Buntut dari serangkaian pelanggaran tersebut, Majelis Etik resmi menjatuhkan sanksi berat berupa Pemberhentian Tidak Dengan Hormat (PTDH) terhadap Hery Susanto. Hery dinilai terbukti sah dan meyakinkan melakukan pelanggaran kode etik berat, yang meliputi unsur keberpihakan, adanya motif kesengajaan, perbuatan berulang, serta berdampak sistemik merugikan publik dan negara.

Sanksi pemecatan ini juga tidak terlepas dari status hukum Hery Susanto yang telah ditetapkan sebagai tersangka oleh Kejaksaan Agung terkait kasus dugaan tindak pidana korupsi tata kelola usaha pertambangan nikel periode 2013-2025.


Ketua nonaktif Ombudsman, Hery Susanto. Foto: ANTARA FOTO/Muhammad Iqbal/agr.
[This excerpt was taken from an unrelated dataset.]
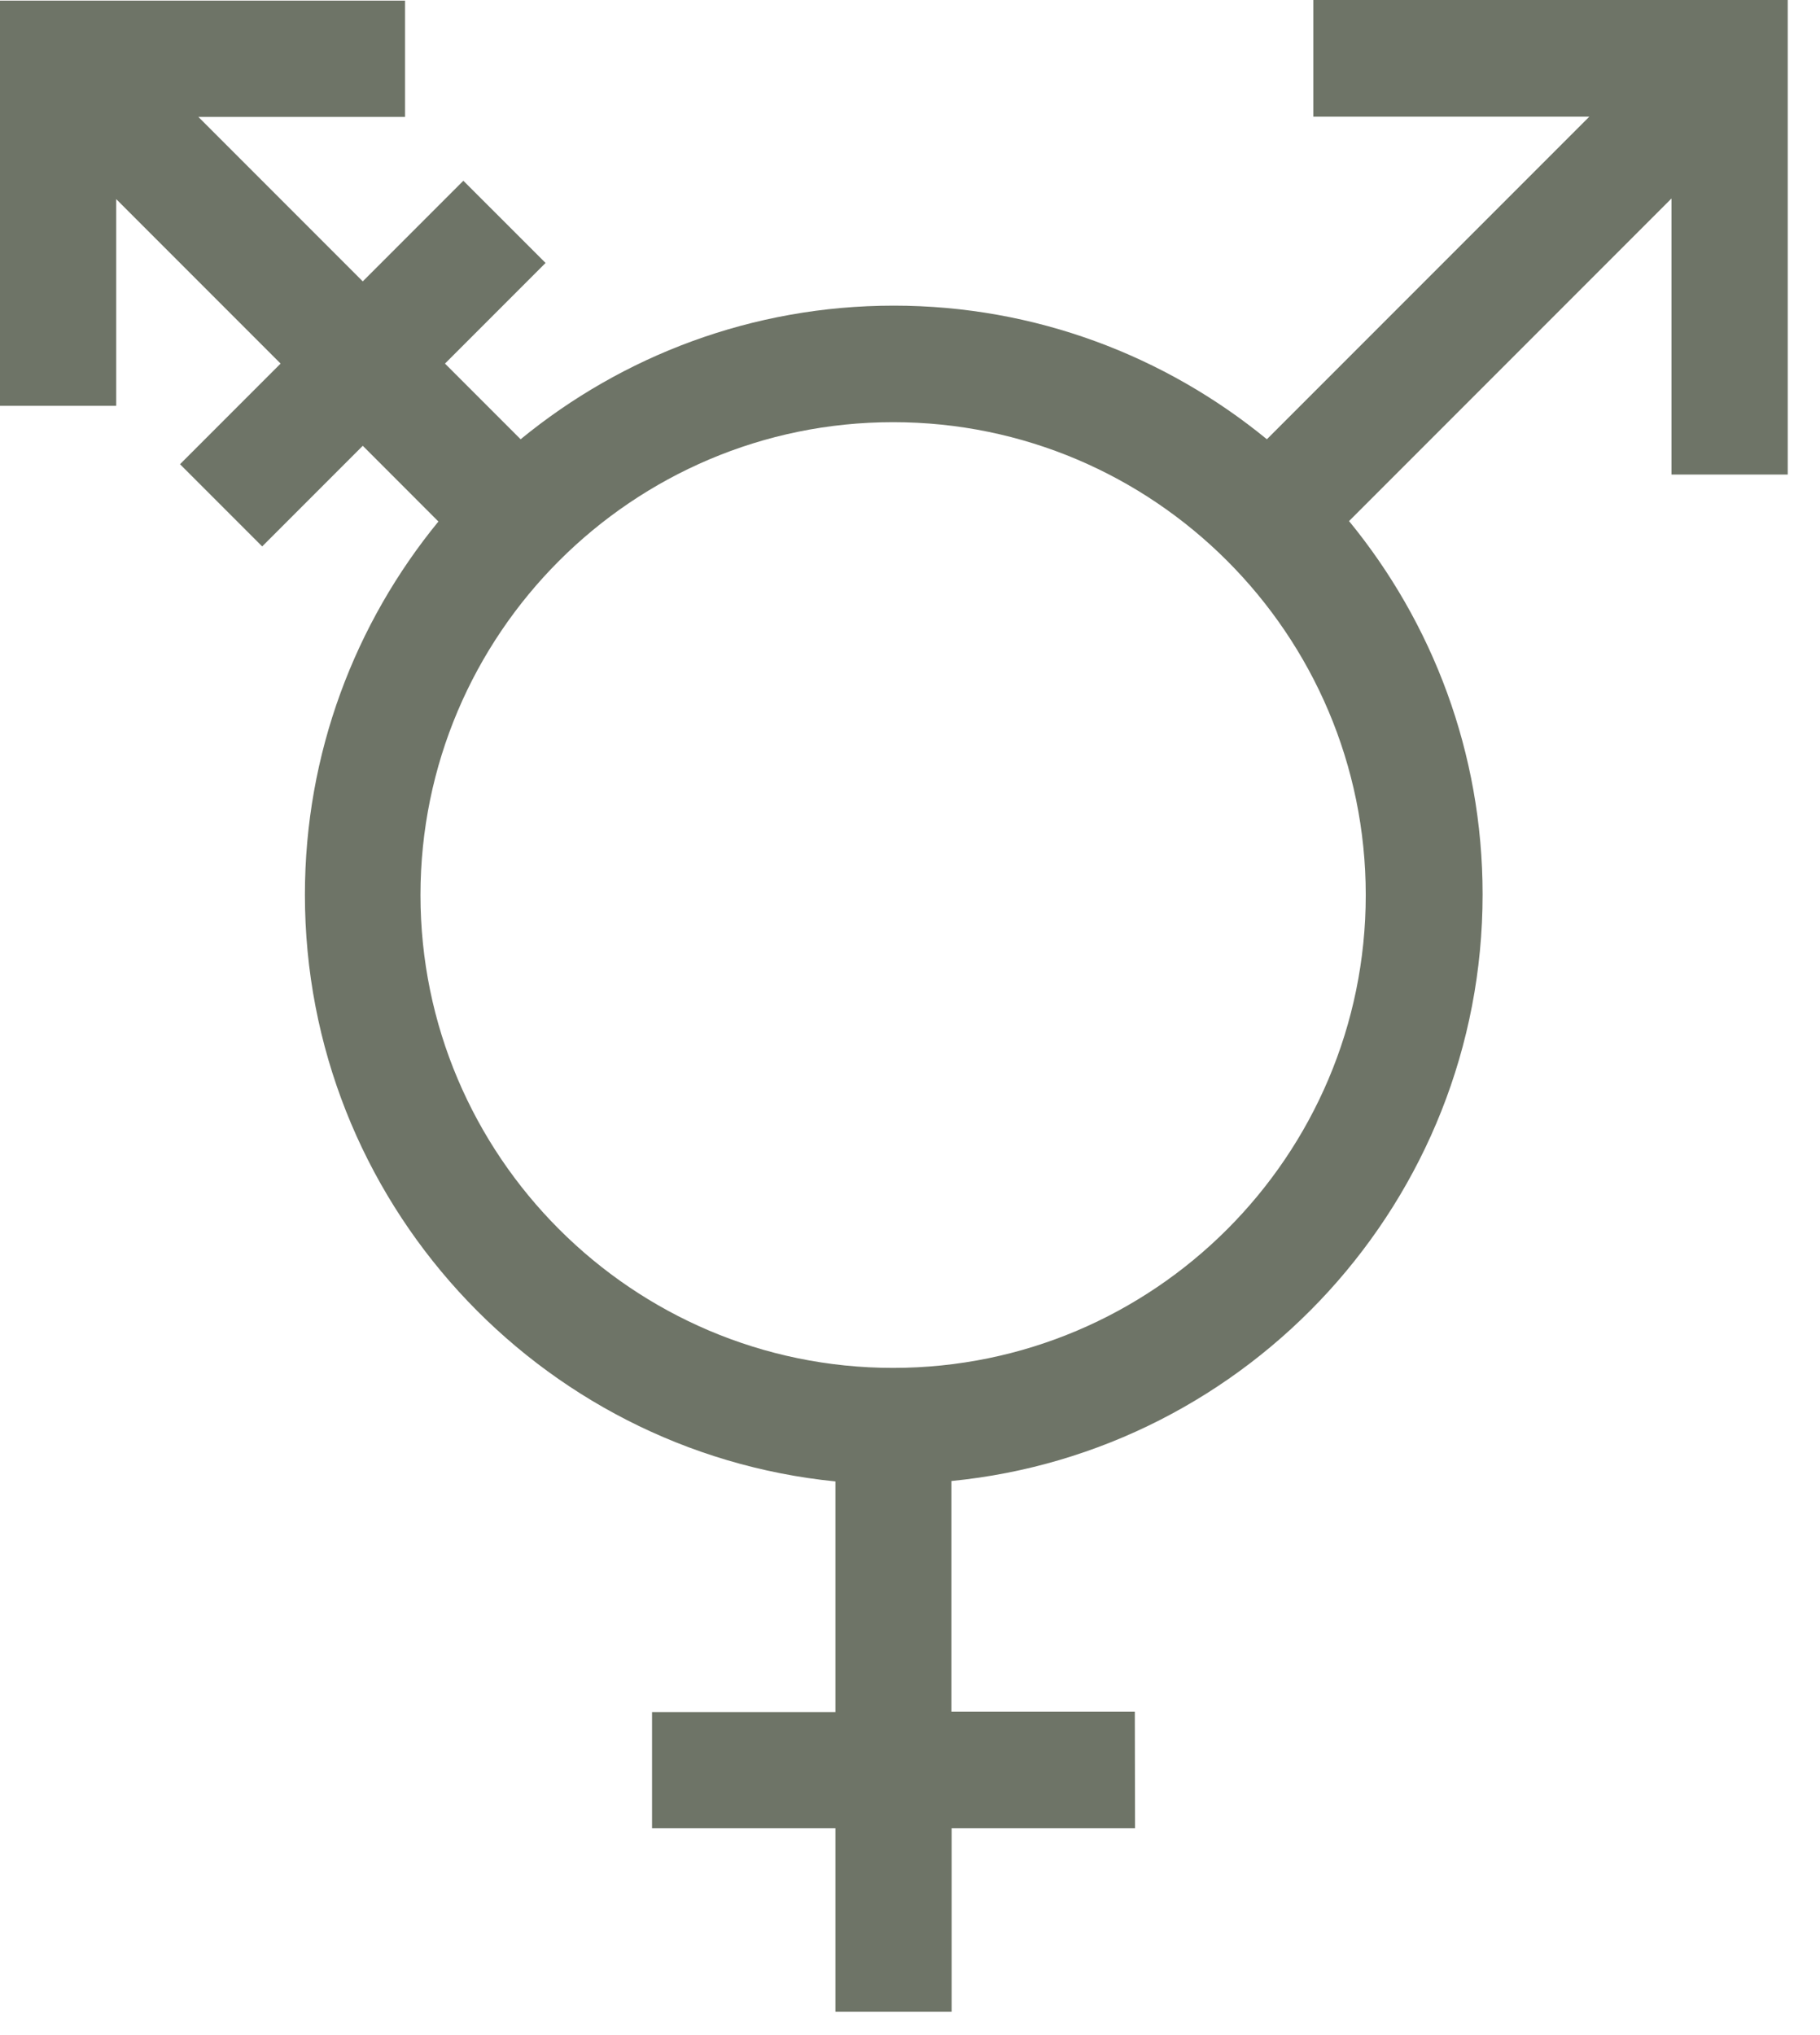<svg xmlns="http://www.w3.org/2000/svg" width="34" height="38" viewBox="0 0 34 38" fill="none"><path d="M24.535 0.008V2.179H29.69L23.667 8.202C21.768 6.647 19.341 5.707 16.696 5.707C14.048 5.707 11.624 6.647 9.726 8.202L8.313 6.789L10.192 4.91L8.656 3.375L6.777 5.254L3.706 2.183H7.567V0.012H0V7.578H2.171V3.718L5.242 6.789L3.363 8.668L4.898 10.203L6.777 8.324L8.19 9.738C6.635 11.636 5.696 14.063 5.696 16.708C5.696 22.408 10.049 27.105 15.607 27.662V31.968H12.181V34.139H15.607V37.565H17.778V34.139H21.204L21.2 31.96H17.774V27.654C23.331 27.109 27.697 22.408 27.697 16.7C27.697 14.052 26.758 11.628 25.202 9.73L31.226 3.706V8.861H33.397V0H24.535L24.535 0.008ZM16.684 25.542C11.814 25.542 7.855 21.579 7.855 16.713C7.855 11.842 11.818 7.883 16.684 7.883C21.555 7.883 25.514 11.846 25.514 16.713C25.514 21.583 21.555 25.542 16.684 25.542Z" fill="#6E7467"></path></svg>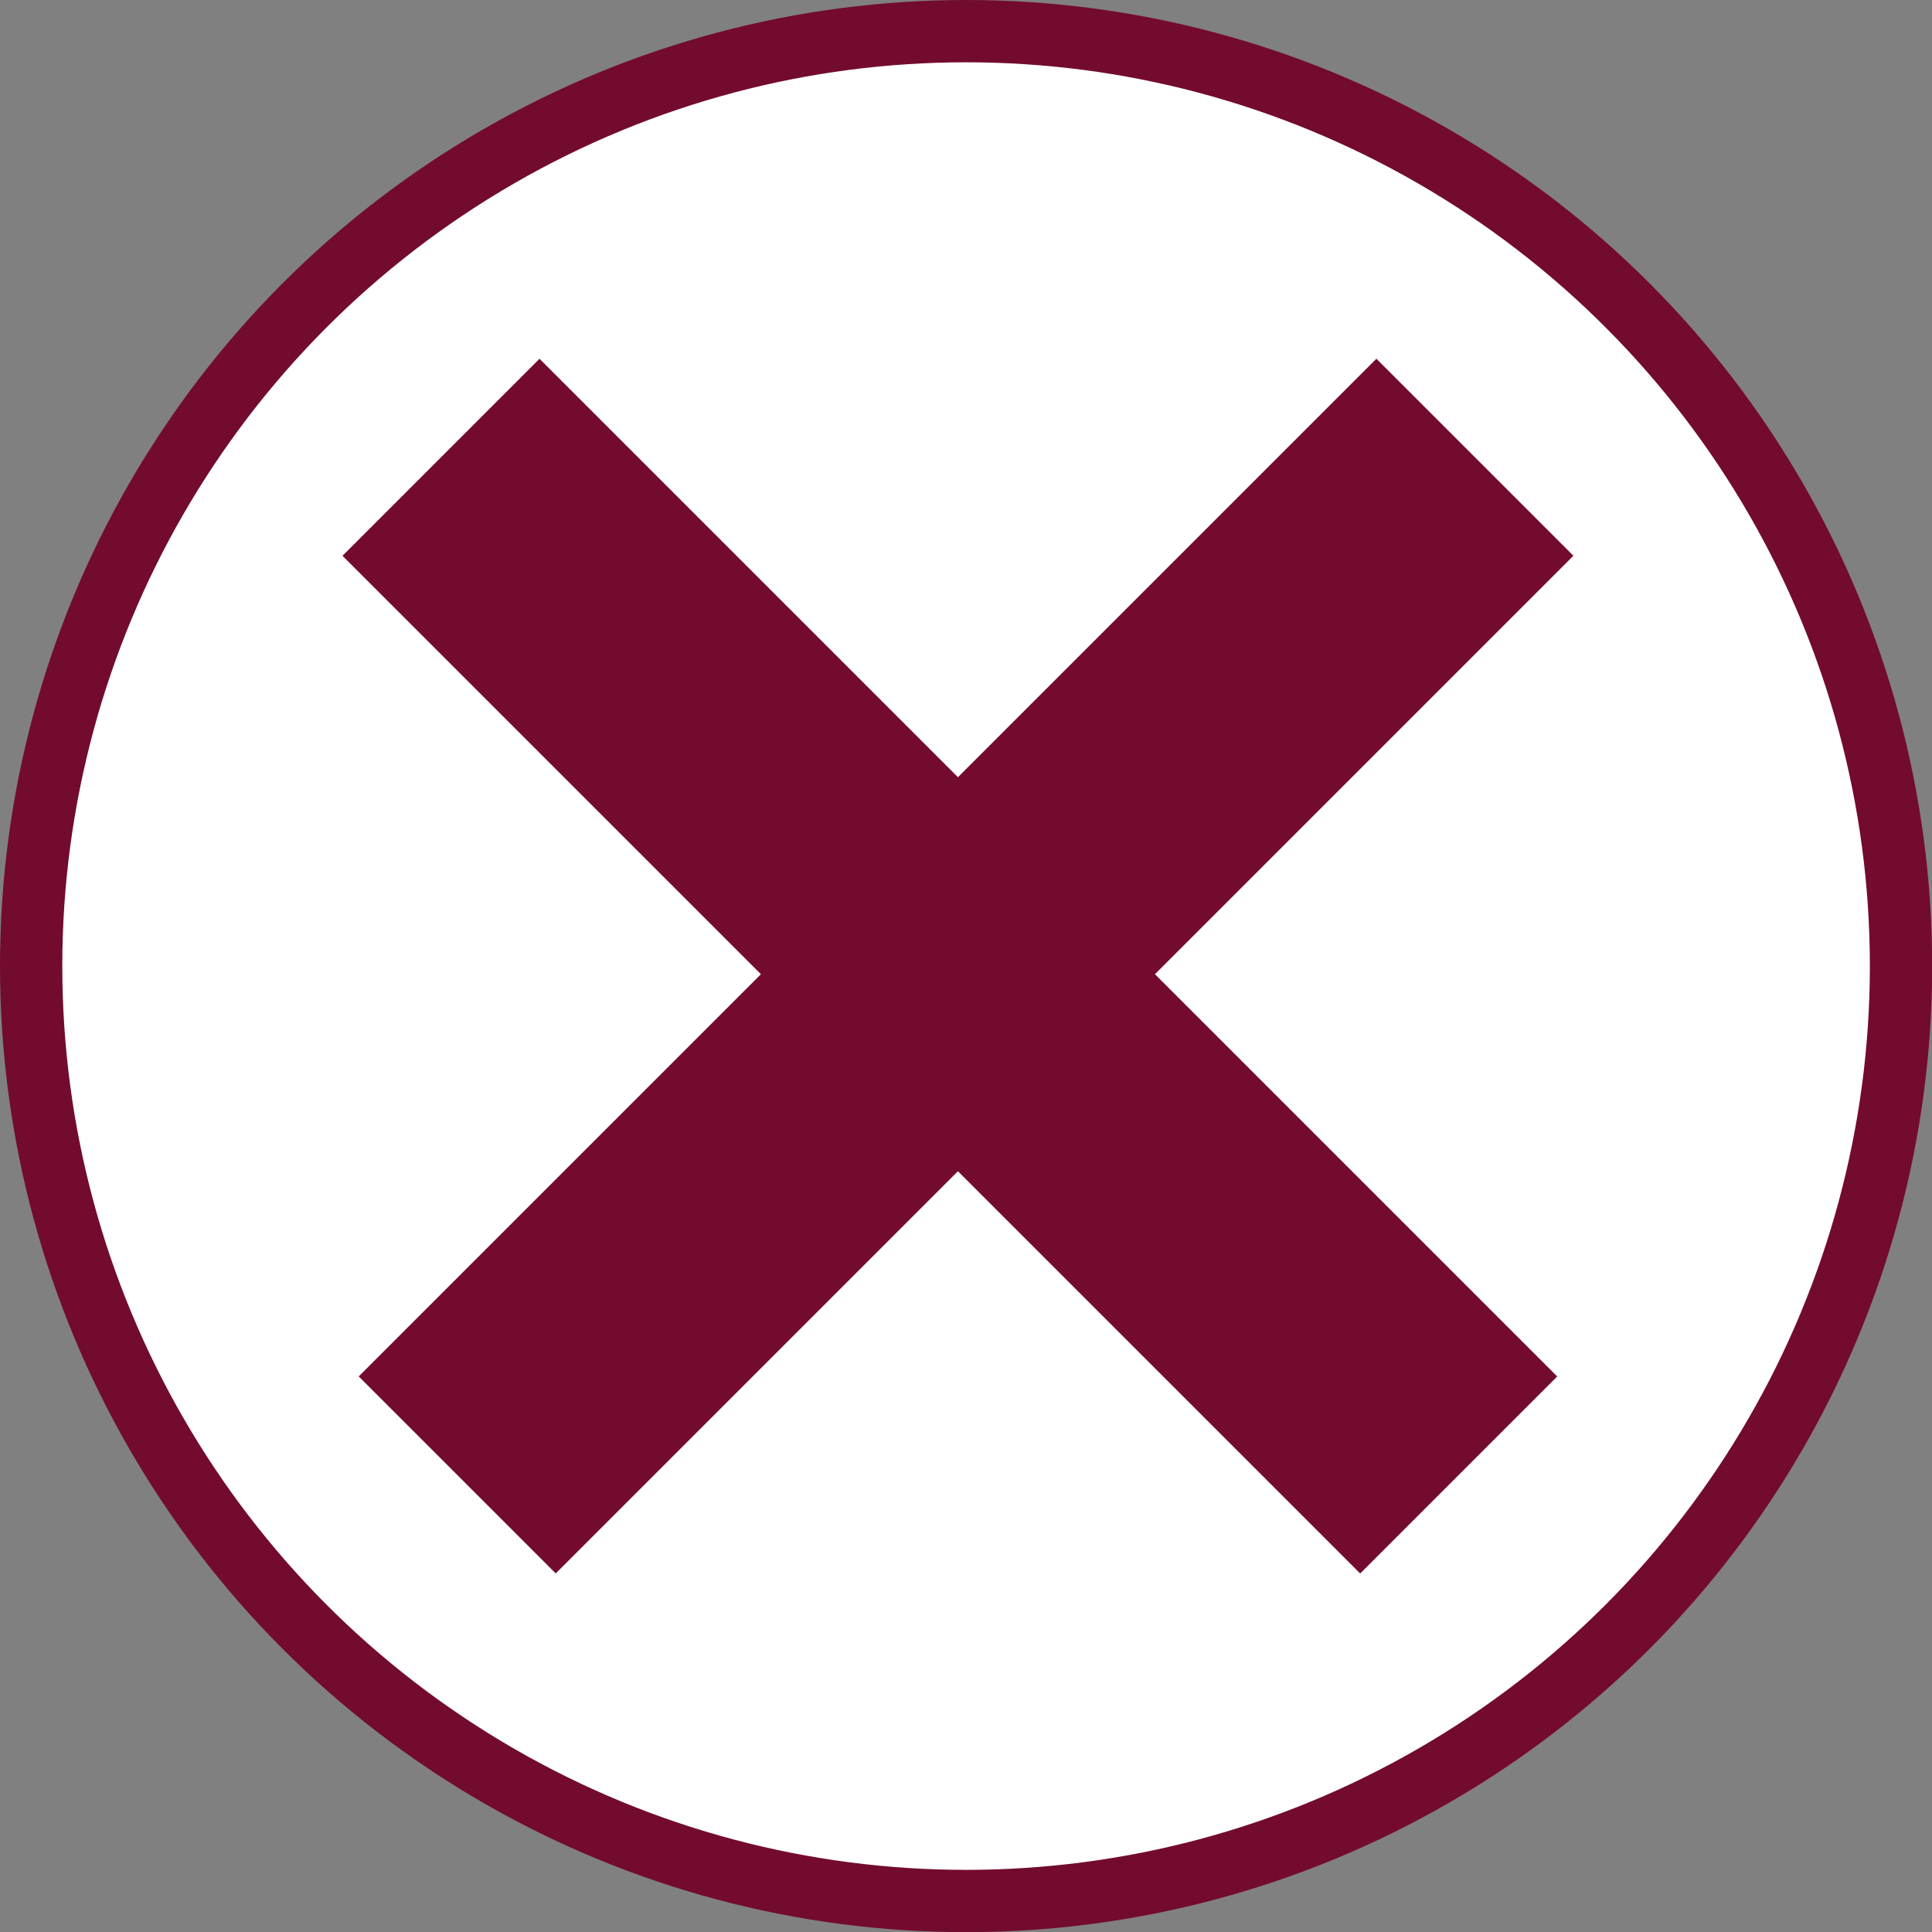 <svg id="Layer_1" data-name="Layer 1" xmlns="http://www.w3.org/2000/svg" viewBox="0 0 124.05 124.05"><rect x="0" y="0" width="124.05" height="124.05" fill="#808080" stroke="none"/><defs><style>.cls-1{fill:#fff;stroke:#730b2e;stroke-miterlimit:10;stroke-width:4px;}.cls-2{fill:#730b2e;}</style></defs><title>close</title><circle class="cls-1" cx="62.03" cy="62.03" r="60.03"/><rect class="cls-2" x="140.01" y="52.72" width="17.89" height="92.41" transform="translate(-114.29 97.41) rotate(-45)"/><rect class="cls-2" x="141.06" y="52.72" width="17.89" height="92.41" transform="translate(25.91 -113.99) rotate(45)"/></svg>

Direktur Penyidikan Jaksa Agung Muda Bidang Tindak Pidana Khusus (Jampidsus) Kejagung, Syarief Sulaeman Nahdi, mengonfirmasi bahwa tindakan rasuah tersebut dilakukan Hery saat aktif menjabat sebagai anggota Ombudsman RI periode 2021-2026.

"Penetapan tersangka tersebut dilakukan setelah tim penyidik memperoleh bukti yang cukup melalui serangkaian tindakan penyidikan, penggeledahan, dan lain-lain," terang Syarief Sulaeman Nahdi di Gedung Jampidsus Kejagung, Jakarta, Kamis, 16 Mei 2026.

Dalam konstruksi perkara yang dirilis Kejagung, Hery diduga kuat menerima uang suap senilai Rp1,5 miliar dari Direktur PT TSHI berinisial LKM. Aliran dana itu diberikan sebagai pelicin atau jalan keluar kongkalikong setelah perusahaan tambang tersebut terbelit permasalahan sengketa penghitungan Penerimaan Negara Bukan Pajan (PNBP) di Kementerian Kehutanan.